Color photo of Fords Theatre
Ford's Theatre as seen today.

Carol Highsmith Photo.

Ford's Theatre
The Ford's Theatre building was first constructed in 1833 as the First Baptist Church. In 1859, the structure was abandoned as a place of worship. John T. Ford, a theatre entrepreneur from Baltimore, leased the building in 1861. A church board member predicted a dire fate would fall anyone who turned the former house of worship into a theatre. In 1862, Ford renovated the theatre and performances began, setting in motion events to follow that would shake America to its core.

the red brick petersen house with light blue shutters and a lamppost out front
The Petersen House.

Carol Highsmith Photo

The Petersen House (The House Where Lincoln Died)
After President Abraham Lincoln was shot he was carried across the street to the home of William A. Petersen, a German tailor. He lay dying diagonally across William T. Clark's bed in a room in the back of the house. Originally built in 1849, the house was expanded in 1858 to accommodate its use as a boarding house. The night of Lincoln's assassination, over 90 people streamed through the small house to pay their respects to the dying President.

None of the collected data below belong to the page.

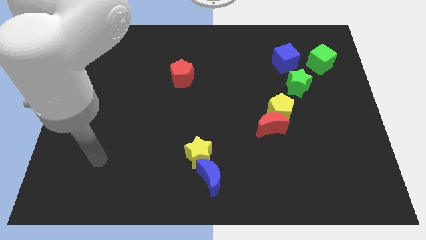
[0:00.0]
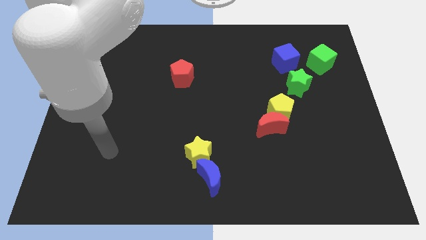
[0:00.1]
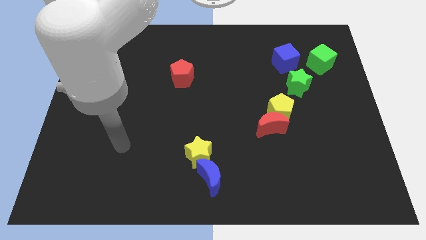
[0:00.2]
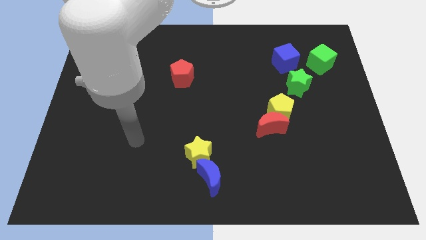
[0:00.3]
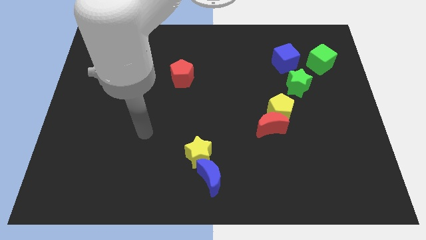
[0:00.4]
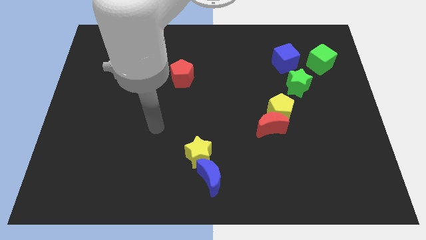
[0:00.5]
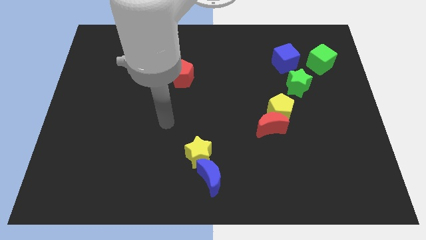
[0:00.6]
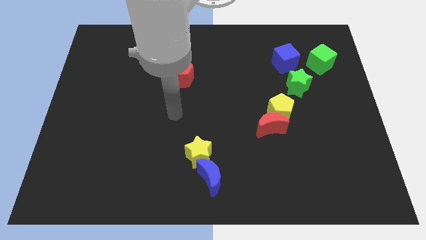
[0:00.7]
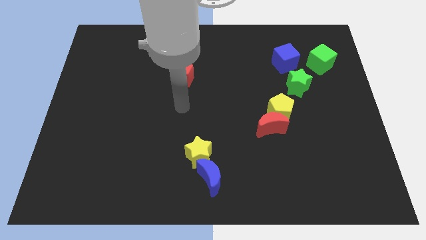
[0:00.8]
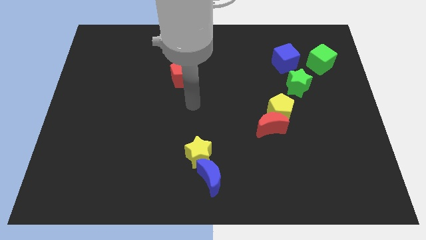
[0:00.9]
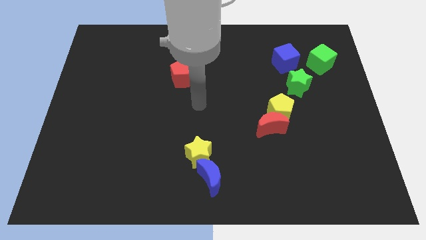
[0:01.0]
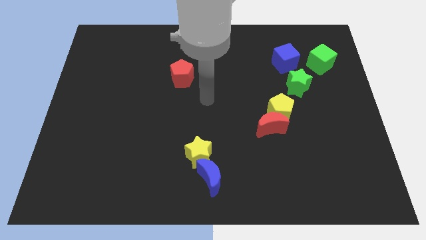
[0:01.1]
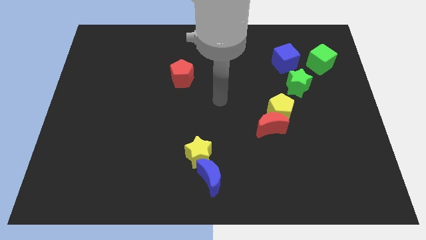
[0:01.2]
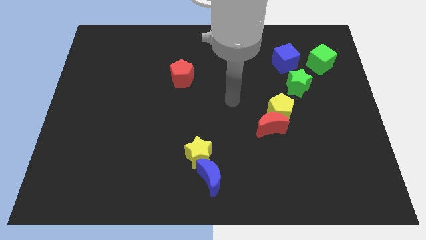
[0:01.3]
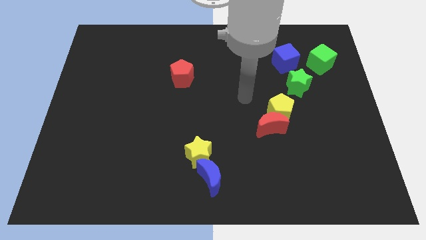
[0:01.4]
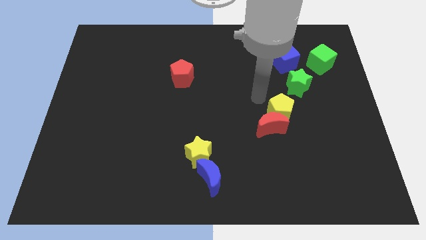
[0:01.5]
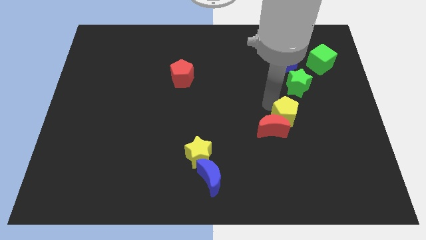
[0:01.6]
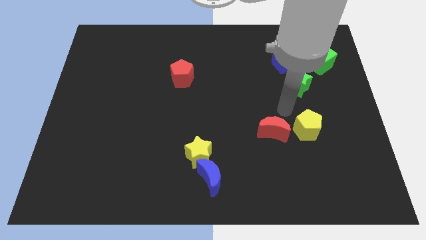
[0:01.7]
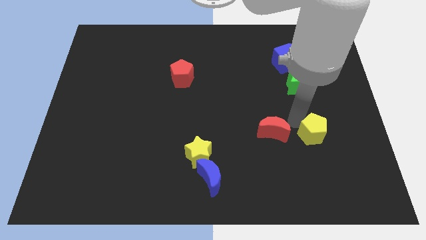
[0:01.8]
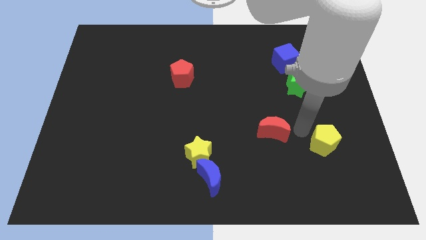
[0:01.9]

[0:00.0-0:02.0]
pull the red moon apart from the yellow pentagon

black and white photo of star saloon
The Star Saloon in 1865.

Library of Congress.

The Star Saloon
John Wilkes Booth entered the Star Saloon, located next to Fords Theatre, and had a drink of whiskey and water. Soon after, he entered the Theatre to assassinate the President. Built in 1863, the Star Saloon closed after the assassination. It was later used as a tailor shop, typewriter company and a factory before it was torn down in 1930.